The other tree. There are two types, repeated in the space of the game.

Making the games from this class has been a great exercise in quiet exploration of a few topics I’ve been trying to work through lately, like reflections on my mental health as it stood this time last year, and recent attempts to feel comfortable asking for help when I need it. I’m excited to make more games, and I’ve really enjoyed seeing everyone else’s this quarter.

This is a gif, I promise, there’s just a tiny little delay at the beginning.

2 thoughts on “This Is Just A Normal, Run-Of-The-Mill Walking Simulator And Everything Is Fine, Don’t Worry About It”

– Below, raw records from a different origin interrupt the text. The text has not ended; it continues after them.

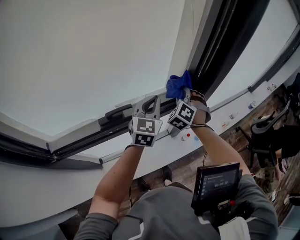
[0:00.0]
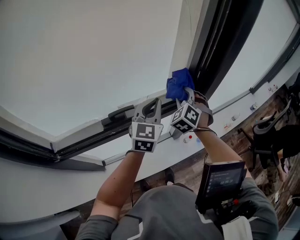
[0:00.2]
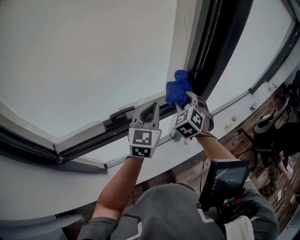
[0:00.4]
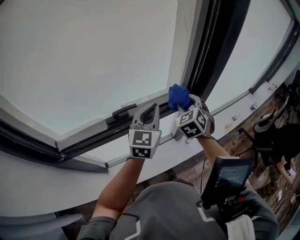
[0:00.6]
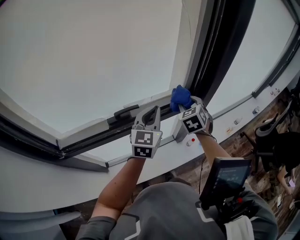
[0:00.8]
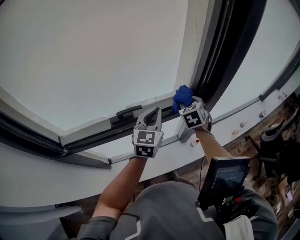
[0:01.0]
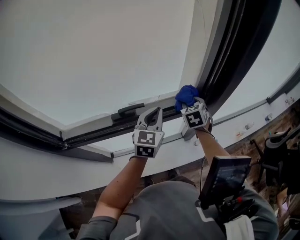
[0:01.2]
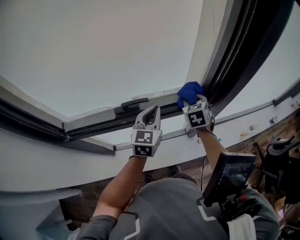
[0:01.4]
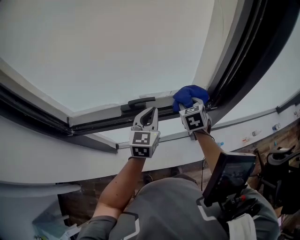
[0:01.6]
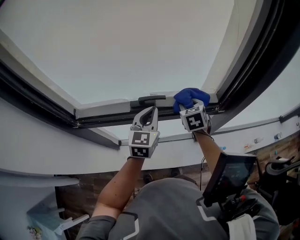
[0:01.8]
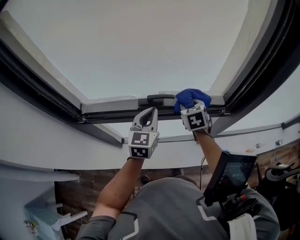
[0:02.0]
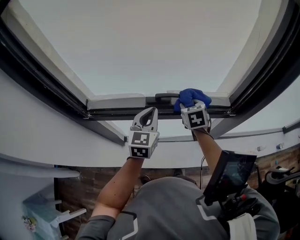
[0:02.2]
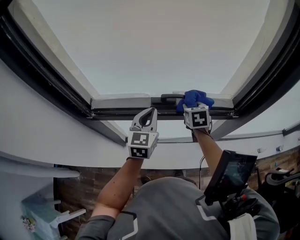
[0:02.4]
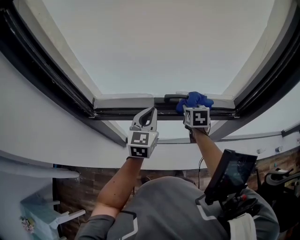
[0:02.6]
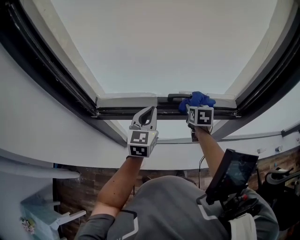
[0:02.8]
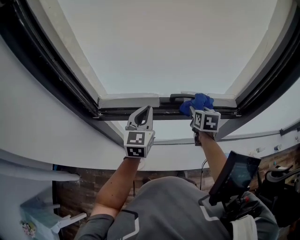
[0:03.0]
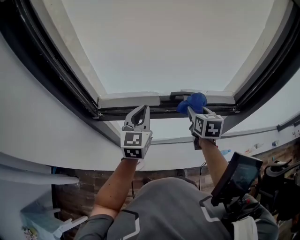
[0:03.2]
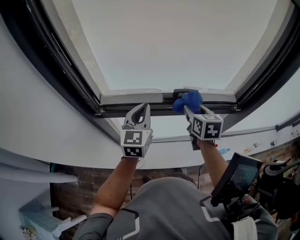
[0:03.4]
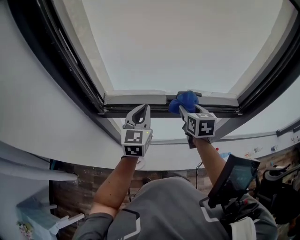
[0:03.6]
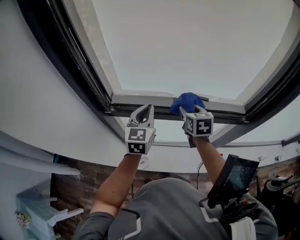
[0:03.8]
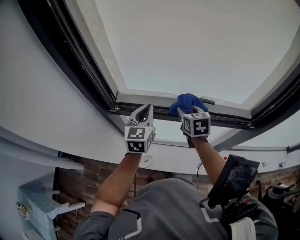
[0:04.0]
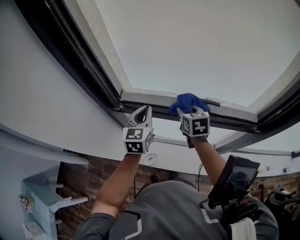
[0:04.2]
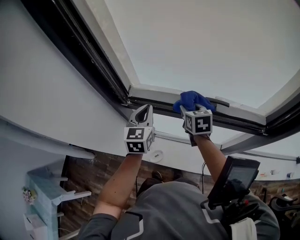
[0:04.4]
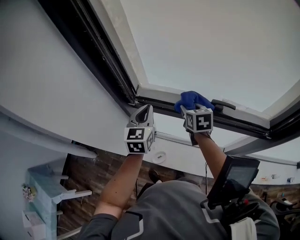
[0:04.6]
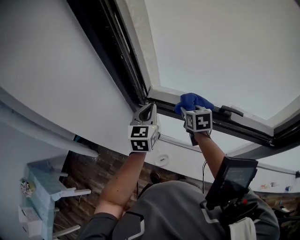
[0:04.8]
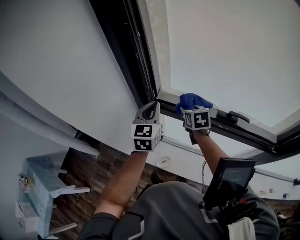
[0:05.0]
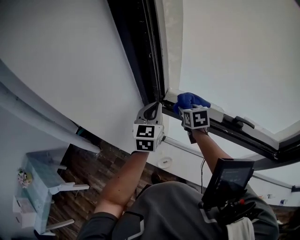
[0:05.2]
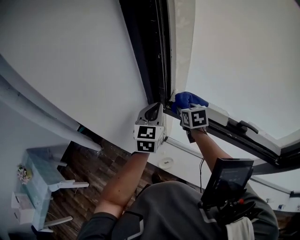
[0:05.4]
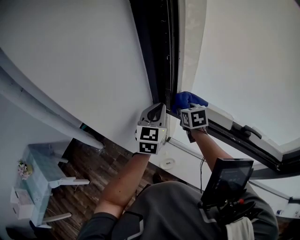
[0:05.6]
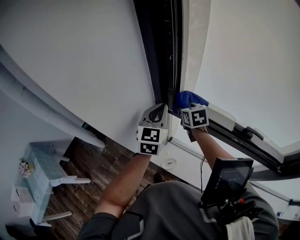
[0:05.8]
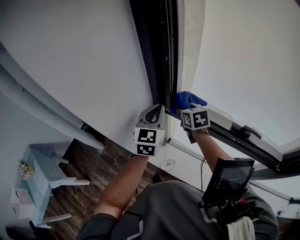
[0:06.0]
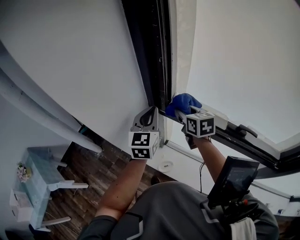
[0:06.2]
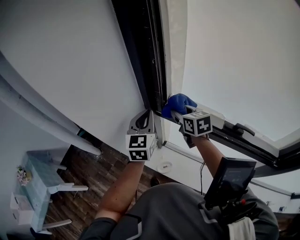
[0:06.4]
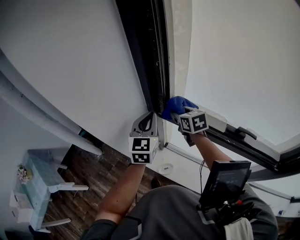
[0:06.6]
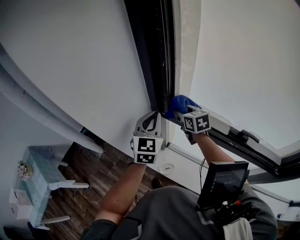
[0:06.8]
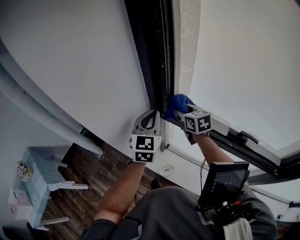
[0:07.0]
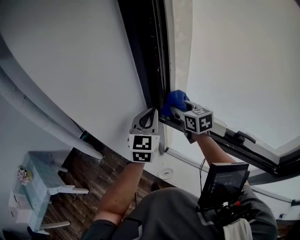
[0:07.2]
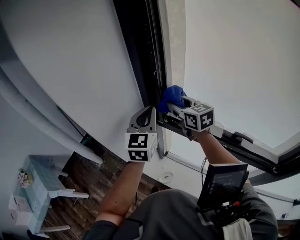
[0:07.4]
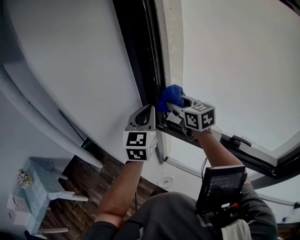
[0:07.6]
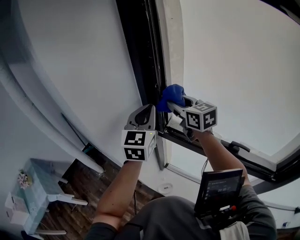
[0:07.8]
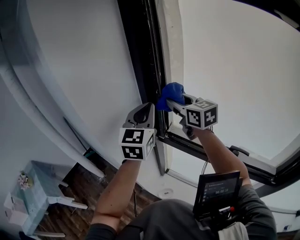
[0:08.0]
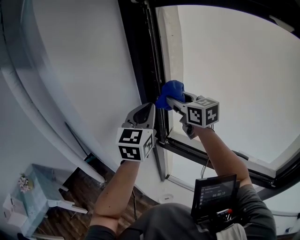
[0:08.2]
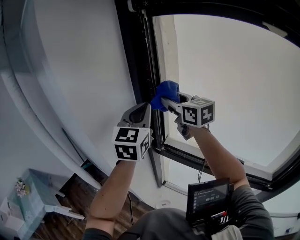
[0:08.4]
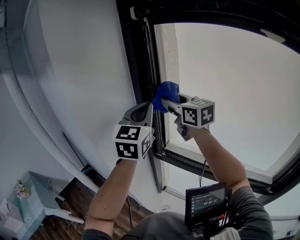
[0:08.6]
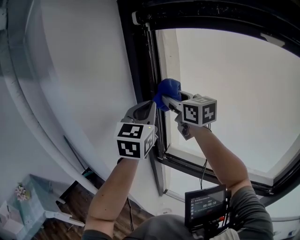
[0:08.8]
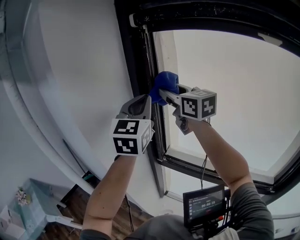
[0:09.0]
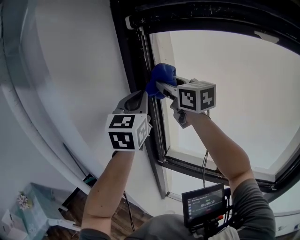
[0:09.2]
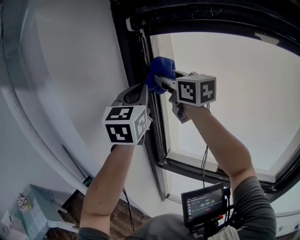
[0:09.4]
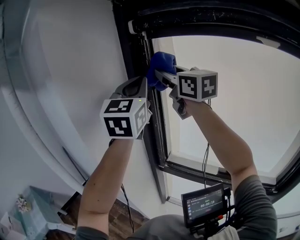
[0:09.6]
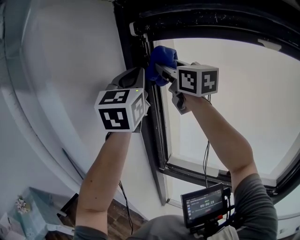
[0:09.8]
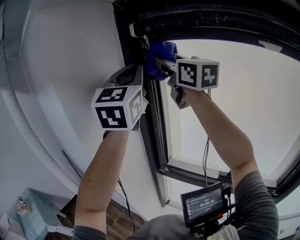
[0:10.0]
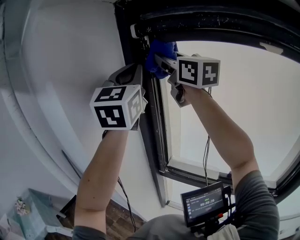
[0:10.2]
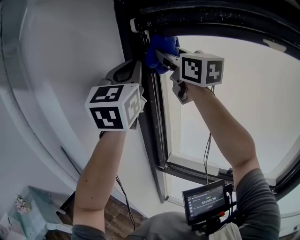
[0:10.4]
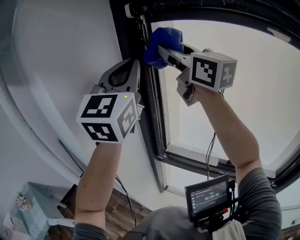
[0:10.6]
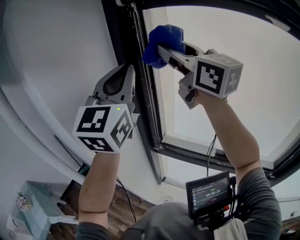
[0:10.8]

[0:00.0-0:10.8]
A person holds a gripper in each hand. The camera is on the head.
0:00.0 to 0:01.6: The right gripper shifts by roughly 10 cm, and swivels roughly 50 degrees, while the left gripper moves about 10 cm, and turns by some 20 degrees.
0:01.6 to 0:03.0: The right gripper moves to the left, about 15 cm; the left gripper moves to the left, about 20 cm.
0:03.0 to 0:04.6: Both grippers travel together to the left, roughly 20 cm. The right gripper turns by roughly 30 degrees.
0:04.6 to 0:06.2: Both grippers move to the left, approximately 15 cm. The right gripper swivels approximately 20 degrees.
0:06.2 to 0:07.8: Both grippers travel together upward, about 15 cm. The right gripper changes its angle by roughly 30 degrees.
0:07.8 to 0:09.2: Both grippers move upward, some 20 cm.
0:09.2 to 0:10.8: The right gripper goes roughly 5 cm upward; the left gripper goes upward and returns, approximately 10 cm each way.

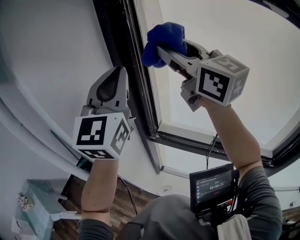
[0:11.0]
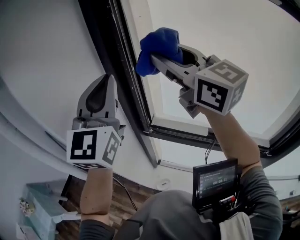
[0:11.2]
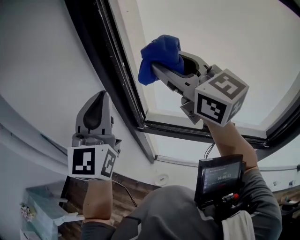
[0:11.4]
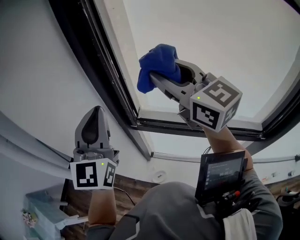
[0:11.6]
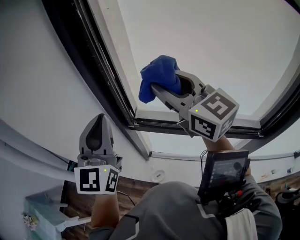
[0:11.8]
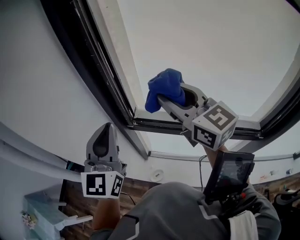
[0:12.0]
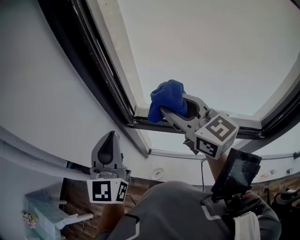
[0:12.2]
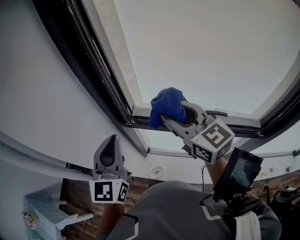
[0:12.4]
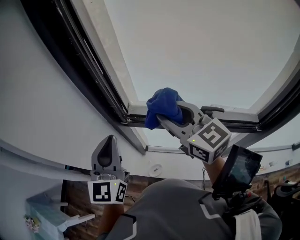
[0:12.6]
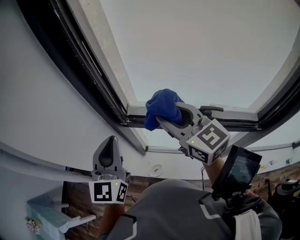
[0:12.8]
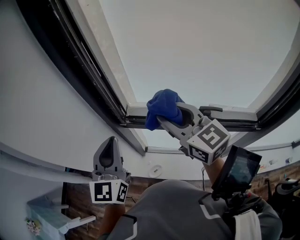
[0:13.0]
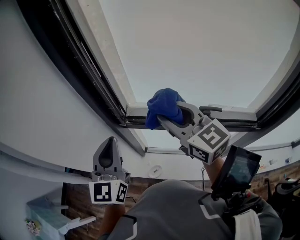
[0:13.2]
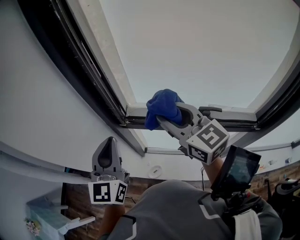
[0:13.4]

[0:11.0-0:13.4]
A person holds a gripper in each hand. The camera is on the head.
0:11.0 to 0:12.2: The two grippers go approximately 20 cm downward. The right gripper swivels some 20 degrees.
0:12.2 to 0:13.4: The grippers make only small movements.

  1. Your illustrations remind me so much of Dance by Matisse, in a way that the style is very fluid and deliberate, like the lines of the figures should be wiggling or moving some type of way in space. I love the contrast of the game being very visually calm but conceptually irritating and anxiety-inducing. The fact that the figures are also 2-dimensional like cardboard cutouts really made me want to kick them or hope that a gust of wind will knock them down for all the judgmental things they’re dishing out. This idea of drowning in a room of insensitive strangers really resonated with me, especially when I think about times when I’d go to parties and start having an existential crisis in the bathroom or something, asking myself why I even bothered going in the first place.

    I always admire your work, Violet! You have a very thoughtful way of doing things and I appreciate that. I would definitely love to see more of your art in the future.

    Also I’m sorry your week has been so rough. I understand the struggle. Hopefully creating this game provided you some sort of catharsis.

  2. First, great job with this project Violet!

    I always appreciate your use of drawn assets. It adds so much style and depth to your games. I
    feel that with early game-making it’s always a struggle to flesh out a game, but your effort to make these great illustrations always pushes your concept further. This concept reminder me of My Entire High School Sinking Into the Sea.

    I would love to see you further push a narrative with this or any other project in your hand drawn style. It can add a ton of emotion.